Commissioner Beavers to Appeal Guilty Verdict

“The judge wouldn’t let my expert witness testify,” - Cook Commissioner William Beavers
“The judge wouldn’t let my expert witness testify,” - Cook Commissioner William Beavers

Cook Commissioner William Beavers, found guilty of tax evasion last week, feels he didn't get a fair trial and said his attorneys, as expected, will appeal the verdict.

"They will make a motion for a new trial on April 30," Beavers told the Chicago Citizen Newspaper from his south side office last week. "The attorneys said they have plenty of grounds including preventing my tax expert's testimony. He wanted to say on the stand that the government owes me."

Beavers said he's still reporting to work at his south side office and is not worried about anything.

"Once they file, I will know whether or not I will get an appeal bond," Beavers said. "Whatever happens, I can deal with it."

Beavers, 78, was convicted by jury on tax evasion for failing to report more than $225,000 in campaign funds as income that federal prosecutors said he spent on gambling and personal uses.

A verdict was returned last Thursday afternoon, after about two hours of jury deliberation.

It is unclear at this point as to how prosecutors are planning to deal with Beavers' planned appeal. Randall Samborn, spokesperson for the U.S. Attorney's office called the Chicago Citizen Newspaper to decline comment "on a pending case.'"

According to the Associated Press, Beavers' defense attorney Sam Adam Jr., alleged government attorneys twisted the evidence and told jurors that prosecutors were trying to "bamboozle" them.

"The judge wouldn't let my expert witness testify," Beavers said last Friday. "The judge interviewed him in private and then put him on the stand for just a few minutes."

The former policeman and one-time Chicago alderman was convicted of all four tax counts where each carries a maximum three-year prison term.

Assistant U.S. Atty. Carrie Hamilton accused Beavers of intentionally understating his income between 2006 and 2008 saying Beavers wrote 93 checks from his campaign fund to use the money for gambling expenses at the Horseshoe Casino in Hammond, Indiana. and never reported the money on his federal tax returns, or as a tax-exempt loan, and that he lost nearly $500,000 total from 2006 to 2008 on the slots.

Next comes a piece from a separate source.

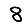
Digit: 8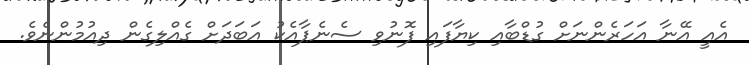
އެއީ އޭނާ އަހަރެންނަށް ގުޑްބާއި ކިޔާފައި ފޮނުވި ސެނެޕާއެކު އަބަދަށް ގެއްލިގެން ދިއުމުންނެވެ.

Adam Jr. acknowledged Beavers might have a gambling problem, but said he used ATMs to pay for his gambling expenses, and wrote campaign checks only to cover legitimate campaign expenses. He said Beavers was repaying any campaign cash he used as loans for personal expenses.

Beavers kept thorough records of any campaign spending to make sure he was reimbursed, but there were no loan agreements regarding the money in question, Hamilton said.

During the trial, prosecutors showed jurors dozens of checks Beavers wrote to himself on his campaign fund accounts, while playing the slots at the Horseshoe Casino in Hammond.

Federal prosecutors said he never declared those checks on his tax returns, and never paid taxes on that income.

Prosecutors also said Beavers failed to declare a $69,000 boost he gave his pension from campaign funds, as well as $1,200 per month that he received in county expense checks -- falsifying check stubs to "deliberately impede the IRS."